# Your assignment
Go to the line below containing "przyszli dla wizyty." and print exactly from there through the line containing "reste on ne", both included. Print nothing else.

# Recorded information
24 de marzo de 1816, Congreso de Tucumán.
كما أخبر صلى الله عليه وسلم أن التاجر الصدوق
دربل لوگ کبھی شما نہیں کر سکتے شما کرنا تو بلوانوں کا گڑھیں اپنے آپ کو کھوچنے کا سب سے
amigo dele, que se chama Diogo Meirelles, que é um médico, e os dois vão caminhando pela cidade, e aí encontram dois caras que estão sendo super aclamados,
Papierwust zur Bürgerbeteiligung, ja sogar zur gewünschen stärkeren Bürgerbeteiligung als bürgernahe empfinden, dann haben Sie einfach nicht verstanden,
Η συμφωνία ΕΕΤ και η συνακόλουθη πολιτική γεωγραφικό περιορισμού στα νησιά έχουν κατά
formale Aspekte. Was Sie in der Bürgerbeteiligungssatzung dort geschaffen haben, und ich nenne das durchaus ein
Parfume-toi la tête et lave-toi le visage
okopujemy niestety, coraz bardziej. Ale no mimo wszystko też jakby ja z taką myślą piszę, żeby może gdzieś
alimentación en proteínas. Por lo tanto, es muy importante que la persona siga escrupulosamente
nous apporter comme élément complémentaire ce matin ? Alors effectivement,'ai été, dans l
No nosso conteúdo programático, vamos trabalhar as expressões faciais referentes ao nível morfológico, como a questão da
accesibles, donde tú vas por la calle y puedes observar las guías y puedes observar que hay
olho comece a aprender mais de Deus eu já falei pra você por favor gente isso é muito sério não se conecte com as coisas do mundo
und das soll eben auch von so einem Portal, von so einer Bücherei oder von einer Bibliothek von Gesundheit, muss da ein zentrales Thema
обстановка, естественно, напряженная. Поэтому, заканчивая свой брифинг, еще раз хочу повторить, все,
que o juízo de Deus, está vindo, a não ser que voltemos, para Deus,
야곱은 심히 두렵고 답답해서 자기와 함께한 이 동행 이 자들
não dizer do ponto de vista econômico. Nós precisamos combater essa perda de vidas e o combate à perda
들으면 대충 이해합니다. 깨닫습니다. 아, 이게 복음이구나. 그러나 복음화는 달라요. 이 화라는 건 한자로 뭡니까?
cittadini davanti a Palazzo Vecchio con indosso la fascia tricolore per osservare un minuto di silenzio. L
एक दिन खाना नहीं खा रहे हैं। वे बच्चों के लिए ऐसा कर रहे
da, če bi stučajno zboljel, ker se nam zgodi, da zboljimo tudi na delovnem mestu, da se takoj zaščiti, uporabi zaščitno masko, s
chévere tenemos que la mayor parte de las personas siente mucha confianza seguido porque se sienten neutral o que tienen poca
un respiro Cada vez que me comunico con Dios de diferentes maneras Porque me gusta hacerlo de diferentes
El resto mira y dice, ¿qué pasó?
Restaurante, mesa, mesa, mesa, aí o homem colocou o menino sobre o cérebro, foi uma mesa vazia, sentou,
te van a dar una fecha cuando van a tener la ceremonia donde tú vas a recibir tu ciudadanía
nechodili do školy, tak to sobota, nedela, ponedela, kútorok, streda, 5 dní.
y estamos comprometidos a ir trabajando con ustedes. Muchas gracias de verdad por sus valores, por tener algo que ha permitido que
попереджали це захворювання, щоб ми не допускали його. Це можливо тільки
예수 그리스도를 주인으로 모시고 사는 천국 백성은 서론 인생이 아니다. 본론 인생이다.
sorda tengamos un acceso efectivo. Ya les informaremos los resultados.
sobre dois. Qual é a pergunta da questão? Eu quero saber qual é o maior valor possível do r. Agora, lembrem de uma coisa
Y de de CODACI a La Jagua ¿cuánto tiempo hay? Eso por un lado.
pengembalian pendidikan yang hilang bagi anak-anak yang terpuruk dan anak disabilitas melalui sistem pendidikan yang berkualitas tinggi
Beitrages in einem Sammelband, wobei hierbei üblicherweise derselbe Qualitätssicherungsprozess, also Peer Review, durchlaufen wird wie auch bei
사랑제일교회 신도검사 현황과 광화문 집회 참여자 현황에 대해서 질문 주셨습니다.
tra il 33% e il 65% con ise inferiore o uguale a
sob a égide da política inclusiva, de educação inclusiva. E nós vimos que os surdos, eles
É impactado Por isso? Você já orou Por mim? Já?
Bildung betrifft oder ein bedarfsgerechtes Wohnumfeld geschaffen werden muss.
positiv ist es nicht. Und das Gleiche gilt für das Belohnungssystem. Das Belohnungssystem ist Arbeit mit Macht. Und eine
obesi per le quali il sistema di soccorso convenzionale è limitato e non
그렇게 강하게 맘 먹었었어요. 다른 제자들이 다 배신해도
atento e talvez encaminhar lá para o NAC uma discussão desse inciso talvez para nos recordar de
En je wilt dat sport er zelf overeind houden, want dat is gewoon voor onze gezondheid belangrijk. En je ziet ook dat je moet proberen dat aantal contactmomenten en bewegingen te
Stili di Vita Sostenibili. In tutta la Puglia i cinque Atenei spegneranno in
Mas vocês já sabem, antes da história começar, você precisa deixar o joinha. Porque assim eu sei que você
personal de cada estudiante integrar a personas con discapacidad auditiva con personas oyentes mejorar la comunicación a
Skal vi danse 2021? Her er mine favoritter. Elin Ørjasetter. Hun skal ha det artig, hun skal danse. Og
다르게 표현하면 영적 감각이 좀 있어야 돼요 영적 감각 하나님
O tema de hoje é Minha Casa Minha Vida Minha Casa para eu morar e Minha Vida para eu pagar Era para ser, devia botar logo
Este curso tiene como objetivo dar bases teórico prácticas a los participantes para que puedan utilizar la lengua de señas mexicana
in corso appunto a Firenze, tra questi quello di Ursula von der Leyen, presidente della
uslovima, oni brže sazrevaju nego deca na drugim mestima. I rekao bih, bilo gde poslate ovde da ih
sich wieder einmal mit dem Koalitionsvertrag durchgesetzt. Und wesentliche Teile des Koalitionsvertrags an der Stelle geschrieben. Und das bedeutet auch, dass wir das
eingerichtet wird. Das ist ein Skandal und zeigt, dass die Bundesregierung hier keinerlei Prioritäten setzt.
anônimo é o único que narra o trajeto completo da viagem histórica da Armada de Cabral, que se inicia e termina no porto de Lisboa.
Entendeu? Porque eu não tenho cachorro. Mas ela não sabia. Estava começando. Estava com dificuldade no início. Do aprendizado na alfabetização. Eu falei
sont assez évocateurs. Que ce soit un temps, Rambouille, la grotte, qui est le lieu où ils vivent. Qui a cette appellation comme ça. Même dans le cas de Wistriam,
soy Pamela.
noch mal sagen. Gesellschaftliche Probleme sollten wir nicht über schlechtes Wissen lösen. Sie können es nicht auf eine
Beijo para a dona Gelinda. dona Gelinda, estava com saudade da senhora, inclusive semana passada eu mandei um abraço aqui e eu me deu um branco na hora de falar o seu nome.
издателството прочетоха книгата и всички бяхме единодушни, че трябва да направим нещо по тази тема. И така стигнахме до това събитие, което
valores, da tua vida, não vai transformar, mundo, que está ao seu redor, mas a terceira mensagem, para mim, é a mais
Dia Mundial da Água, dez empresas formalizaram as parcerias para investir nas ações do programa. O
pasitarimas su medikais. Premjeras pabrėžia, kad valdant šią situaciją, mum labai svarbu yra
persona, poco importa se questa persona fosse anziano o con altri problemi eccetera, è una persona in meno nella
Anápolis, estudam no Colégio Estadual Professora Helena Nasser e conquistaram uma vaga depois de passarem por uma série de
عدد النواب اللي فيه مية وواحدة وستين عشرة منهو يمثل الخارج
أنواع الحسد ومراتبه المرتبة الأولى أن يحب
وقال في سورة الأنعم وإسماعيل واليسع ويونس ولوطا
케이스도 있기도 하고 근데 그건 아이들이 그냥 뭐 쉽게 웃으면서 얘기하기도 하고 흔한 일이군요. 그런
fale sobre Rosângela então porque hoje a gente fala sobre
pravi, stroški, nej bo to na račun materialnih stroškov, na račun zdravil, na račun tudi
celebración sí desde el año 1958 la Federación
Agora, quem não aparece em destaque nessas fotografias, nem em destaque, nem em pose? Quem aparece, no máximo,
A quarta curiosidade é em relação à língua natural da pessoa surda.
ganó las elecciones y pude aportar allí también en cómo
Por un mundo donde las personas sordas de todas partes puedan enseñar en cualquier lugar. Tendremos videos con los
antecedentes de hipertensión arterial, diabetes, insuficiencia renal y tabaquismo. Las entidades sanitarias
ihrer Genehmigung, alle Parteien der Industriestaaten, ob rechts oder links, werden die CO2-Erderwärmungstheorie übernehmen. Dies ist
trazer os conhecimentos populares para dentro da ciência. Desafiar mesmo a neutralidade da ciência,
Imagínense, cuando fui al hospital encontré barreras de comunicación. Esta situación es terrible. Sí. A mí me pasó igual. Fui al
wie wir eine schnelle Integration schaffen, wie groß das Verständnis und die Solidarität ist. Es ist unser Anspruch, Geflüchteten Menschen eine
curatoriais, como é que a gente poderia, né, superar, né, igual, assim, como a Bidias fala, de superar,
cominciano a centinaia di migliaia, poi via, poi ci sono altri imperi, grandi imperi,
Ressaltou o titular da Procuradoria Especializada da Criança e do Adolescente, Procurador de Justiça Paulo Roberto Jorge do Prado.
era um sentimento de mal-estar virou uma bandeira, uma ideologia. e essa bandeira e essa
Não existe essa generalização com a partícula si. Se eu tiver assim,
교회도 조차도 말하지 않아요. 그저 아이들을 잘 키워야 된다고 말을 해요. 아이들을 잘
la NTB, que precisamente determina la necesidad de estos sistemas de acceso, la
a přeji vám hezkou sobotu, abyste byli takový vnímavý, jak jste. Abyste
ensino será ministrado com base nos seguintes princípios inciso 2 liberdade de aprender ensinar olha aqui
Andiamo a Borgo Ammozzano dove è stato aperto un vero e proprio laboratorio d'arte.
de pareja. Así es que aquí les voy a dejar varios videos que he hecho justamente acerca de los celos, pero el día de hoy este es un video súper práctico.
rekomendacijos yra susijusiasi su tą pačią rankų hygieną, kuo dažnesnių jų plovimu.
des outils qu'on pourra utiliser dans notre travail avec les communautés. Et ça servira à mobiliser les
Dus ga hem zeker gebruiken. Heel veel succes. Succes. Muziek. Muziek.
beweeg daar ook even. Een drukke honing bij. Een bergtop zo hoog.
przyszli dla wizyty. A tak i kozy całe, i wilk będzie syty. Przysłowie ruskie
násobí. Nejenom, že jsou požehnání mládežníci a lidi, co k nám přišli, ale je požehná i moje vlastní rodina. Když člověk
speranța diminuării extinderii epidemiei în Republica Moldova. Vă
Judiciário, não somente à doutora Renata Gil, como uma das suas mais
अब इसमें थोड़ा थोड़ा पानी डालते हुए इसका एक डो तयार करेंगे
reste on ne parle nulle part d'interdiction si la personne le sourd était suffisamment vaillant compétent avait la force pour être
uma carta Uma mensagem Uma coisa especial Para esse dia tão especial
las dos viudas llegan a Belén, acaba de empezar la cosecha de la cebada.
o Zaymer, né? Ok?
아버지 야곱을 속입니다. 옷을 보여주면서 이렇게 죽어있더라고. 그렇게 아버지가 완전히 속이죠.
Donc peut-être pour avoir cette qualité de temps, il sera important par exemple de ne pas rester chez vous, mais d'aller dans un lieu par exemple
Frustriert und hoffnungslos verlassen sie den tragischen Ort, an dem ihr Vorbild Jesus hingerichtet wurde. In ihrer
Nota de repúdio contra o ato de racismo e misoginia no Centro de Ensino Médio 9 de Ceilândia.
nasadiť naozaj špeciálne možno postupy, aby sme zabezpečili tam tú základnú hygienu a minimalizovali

# Solution
przyszli dla wizyty. A tak i kozy całe, i wilk będzie syty. Przysłowie ruskie
násobí. Nejenom, že jsou požehnání mládežníci a lidi, co k nám přišli, ale je požehná i moje vlastní rodina. Když člověk
speranța diminuării extinderii epidemiei în Republica Moldova. Vă
Judiciário, não somente à doutora Renata Gil, como uma das suas mais
अब इसमें थोड़ा थोड़ा पानी डालते हुए इसका एक डो तयार करेंगे
reste on ne parle nulle part d'interdiction si la personne le sourd était suffisamment vaillant compétent avait la force pour être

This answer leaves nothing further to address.